Falstaff – Verdi – The Grange Festival
Michael Chance took a real risk in his appointment as Artistic Director and CEO of the new Grange Festival, but with this wonderful production of Falstaff the risk really seems to have paid off. He has overseen a very good season at The Grange Festival, but in conjunction with the Director, Christopher Luscombe, this Falstaff is a success in every department, particularly visually and musically.
Christopher Luscombe and his team - the Designer, Simon Higlett and Lighting Designer, Peter Mumford - have put together a comically updated and magical production, with comedy at its route. The great night scene of Windsor Great Forest is matched by the clever and colourful designs of Alice Ford’s home and kitchen. The opening scene in a pub could be represented anywhere in the UK. It really was a joy to behold with bags of laughs and fun all the way through – as indeed it should be. So many Directors seem to miss this part of Verdi’s last opera. Indeed Verdi himself wrote of the libretto by Arrigo Boito ‘He has written for me a lyrical comedy that resembles no other’.
Whilst Christopher Luscombe’s production would do Verdi proud, it is the music under the control of the Italian Conductor, Francesco Cilluffo, who studied composition in London being awarded a Master of the Guildhall School and a PHD in composition at Kings College London. His musicology was the driving force behind this wonderful evening.

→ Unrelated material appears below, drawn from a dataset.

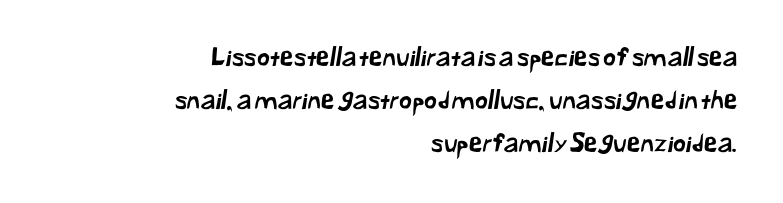
{"underline": "no", "align": "right", "line_spacing_ratio": 1.72, "letter_spacing": "normal", "letter_spacing_em": 0.0, "glyph_px": 25}
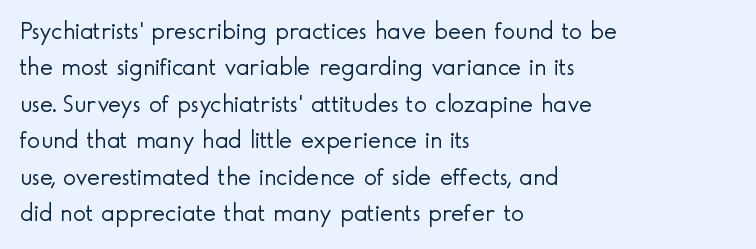
The image shows 25 px text type, upright; set left-aligned, normal line spacing (1.46x), normal letter spacing, not underlined.

Robert Hayward was his John Falstaff, using Pilates as his exercise vehicle and walking barefooted on stage. The part was acted as an aging hippie and sung with a deep rounded baritone sound, which constantly seemed to recognise Falstaff’s failings. His dastardly servants - the Bardolfo of Christopher Gillett and the Pistola of Pietro di Bianco - were perfect foils for Falstaff and wonderfully expressive in their alliance with the Windsor Ladies - the Meg of Angela Simkin, the Mistress Quickly of Susan Bickley, the fiery Nannetta of Rhian Lois and the Alice Ford herself sung by the National Opera Studio and Samling Alumni Welsh soprano, Elin Pritchard. Master Ford, whose pink suit entrance shone with his vocal qualities was sung by Nicholas Lester and the beautifully toned Fenton by the Cambridge graduate Alessandro Fisher. Graham Clark was the luxury casting as Dr Caius, whose large rasping voice still fills the auditorium.
There were too many comedy moments to mention them all, but the Falstaff flowers gift had a reduced price label on them, there was a hilarious use of the kitchen larder, the Queen and her corgi were presented on stage and Falstaff was thrown out of the window into the river via a supermarket trolley – and so it went on.
The company sings ‘Tutto nel mondo e burla (all the world’s a joke)’ and to the smiling audience at the end the evening’s entertainment comedy was complete.